[Records drawn from a dataset]
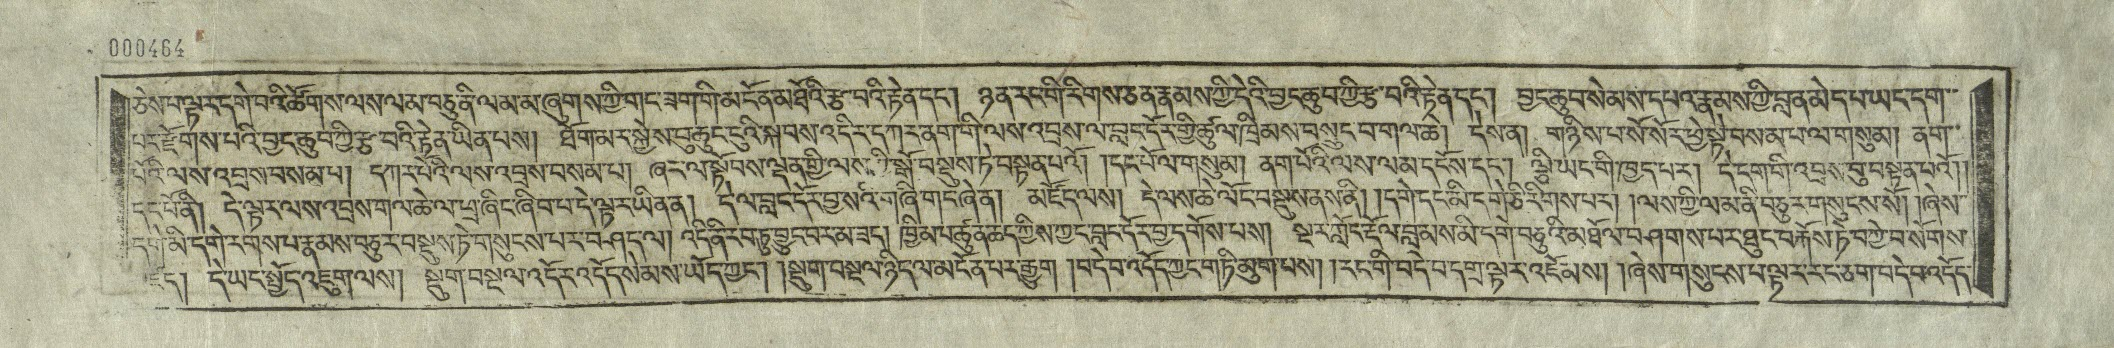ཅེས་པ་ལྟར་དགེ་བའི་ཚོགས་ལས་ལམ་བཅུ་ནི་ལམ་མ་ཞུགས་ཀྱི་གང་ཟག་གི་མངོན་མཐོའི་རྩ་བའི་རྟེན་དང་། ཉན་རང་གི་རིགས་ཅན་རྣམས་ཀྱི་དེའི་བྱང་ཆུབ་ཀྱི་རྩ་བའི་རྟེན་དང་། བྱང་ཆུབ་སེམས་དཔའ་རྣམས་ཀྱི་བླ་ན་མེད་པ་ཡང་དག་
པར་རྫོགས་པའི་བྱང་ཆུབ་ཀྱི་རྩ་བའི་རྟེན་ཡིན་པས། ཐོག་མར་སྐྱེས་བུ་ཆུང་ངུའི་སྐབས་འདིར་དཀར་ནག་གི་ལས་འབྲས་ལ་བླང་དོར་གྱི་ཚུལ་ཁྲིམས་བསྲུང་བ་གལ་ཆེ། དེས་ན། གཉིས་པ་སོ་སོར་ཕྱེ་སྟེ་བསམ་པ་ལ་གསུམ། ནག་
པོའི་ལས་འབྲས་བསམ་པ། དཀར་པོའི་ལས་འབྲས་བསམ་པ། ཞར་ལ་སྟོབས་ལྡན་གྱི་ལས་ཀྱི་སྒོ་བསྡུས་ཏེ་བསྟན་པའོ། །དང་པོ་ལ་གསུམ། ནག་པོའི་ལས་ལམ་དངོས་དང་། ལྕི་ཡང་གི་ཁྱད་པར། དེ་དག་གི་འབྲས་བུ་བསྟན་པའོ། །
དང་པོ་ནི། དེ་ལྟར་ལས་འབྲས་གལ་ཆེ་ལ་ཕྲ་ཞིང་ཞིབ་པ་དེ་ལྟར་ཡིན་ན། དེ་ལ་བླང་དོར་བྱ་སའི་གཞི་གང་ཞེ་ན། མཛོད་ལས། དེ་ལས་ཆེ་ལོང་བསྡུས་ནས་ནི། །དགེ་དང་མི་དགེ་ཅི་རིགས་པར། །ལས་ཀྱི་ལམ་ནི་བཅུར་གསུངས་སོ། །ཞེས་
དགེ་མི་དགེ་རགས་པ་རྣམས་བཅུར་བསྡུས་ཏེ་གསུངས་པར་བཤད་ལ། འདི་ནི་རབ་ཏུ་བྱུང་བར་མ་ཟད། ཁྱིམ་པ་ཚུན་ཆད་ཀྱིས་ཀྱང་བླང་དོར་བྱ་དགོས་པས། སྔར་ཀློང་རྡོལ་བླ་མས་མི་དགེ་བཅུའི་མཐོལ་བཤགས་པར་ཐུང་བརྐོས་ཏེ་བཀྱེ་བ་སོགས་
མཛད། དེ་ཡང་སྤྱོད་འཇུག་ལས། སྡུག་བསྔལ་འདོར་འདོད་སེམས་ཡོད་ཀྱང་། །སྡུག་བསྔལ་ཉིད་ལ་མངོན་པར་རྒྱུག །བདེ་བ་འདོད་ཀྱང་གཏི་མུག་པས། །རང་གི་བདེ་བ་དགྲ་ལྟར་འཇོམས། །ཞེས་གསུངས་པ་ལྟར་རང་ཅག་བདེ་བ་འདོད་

EXERCISE OBJECTIVE:
Please repeat the records above word for word, and do not include the pictures.

ANSWER BOX:
ཅེས་པ་ལྟར་དགེ་བའི་ཚོགས་ལས་ལམ་བཅུ་ནི་ལམ་མ་ཞུགས་ཀྱི་གང་ཟག་གི་མངོན་མཐོའི་རྩ་བའི་རྟེན་དང་། ཉན་རང་གི་རིགས་ཅན་རྣམས་ཀྱི་དེའི་བྱང་ཆུབ་ཀྱི་རྩ་བའི་རྟེན་དང་། བྱང་ཆུབ་སེམས་དཔའ་རྣམས་ཀྱི་བླ་ན་མེད་པ་ཡང་དག་
པར་རྫོགས་པའི་བྱང་ཆུབ་ཀྱི་རྩ་བའི་རྟེན་ཡིན་པས། ཐོག་མར་སྐྱེས་བུ་ཆུང་ངུའི་སྐབས་འདིར་དཀར་ནག་གི་ལས་འབྲས་ལ་བླང་དོར་གྱི་ཚུལ་ཁྲིམས་བསྲུང་བ་གལ་ཆེ། དེས་ན། གཉིས་པ་སོ་སོར་ཕྱེ་སྟེ་བསམ་པ་ལ་གསུམ། ནག་
པོའི་ལས་འབྲས་བསམ་པ། དཀར་པོའི་ལས་འབྲས་བསམ་པ། ཞར་ལ་སྟོབས་ལྡན་གྱི་ལས་ཀྱི་སྒོ་བསྡུས་ཏེ་བསྟན་པའོ། །དང་པོ་ལ་གསུམ། ནག་པོའི་ལས་ལམ་དངོས་དང་། ལྕི་ཡང་གི་ཁྱད་པར། དེ་དག་གི་འབྲས་བུ་བསྟན་པའོ། །
དང་པོ་ནི། དེ་ལྟར་ལས་འབྲས་གལ་ཆེ་ལ་ཕྲ་ཞིང་ཞིབ་པ་དེ་ལྟར་ཡིན་ན། དེ་ལ་བླང་དོར་བྱ་སའི་གཞི་གང་ཞེ་ན། མཛོད་ལས། དེ་ལས་ཆེ་ལོང་བསྡུས་ནས་ནི། །དགེ་དང་མི་དགེ་ཅི་རིགས་པར། །ལས་ཀྱི་ལམ་ནི་བཅུར་གསུངས་སོ། །ཞེས་
དགེ་མི་དགེ་རགས་པ་རྣམས་བཅུར་བསྡུས་ཏེ་གསུངས་པར་བཤད་ལ། འདི་ནི་རབ་ཏུ་བྱུང་བར་མ་ཟད། ཁྱིམ་པ་ཚུན་ཆད་ཀྱིས་ཀྱང་བླང་དོར་བྱ་དགོས་པས། སྔར་ཀློང་རྡོལ་བླ་མས་མི་དགེ་བཅུའི་མཐོལ་བཤགས་པར་ཐུང་བརྐོས་ཏེ་བཀྱེ་བ་སོགས་
མཛད། དེ་ཡང་སྤྱོད་འཇུག་ལས། སྡུག་བསྔལ་འདོར་འདོད་སེམས་ཡོད་ཀྱང་། །སྡུག་བསྔལ་ཉིད་ལ་མངོན་པར་རྒྱུག །བདེ་བ་འདོད་ཀྱང་གཏི་མུག་པས། །རང་གི་བདེ་བ་དགྲ་ལྟར་འཇོམས། །ཞེས་གསུངས་པ་ལྟར་རང་ཅག་བདེ་བ་འདོད་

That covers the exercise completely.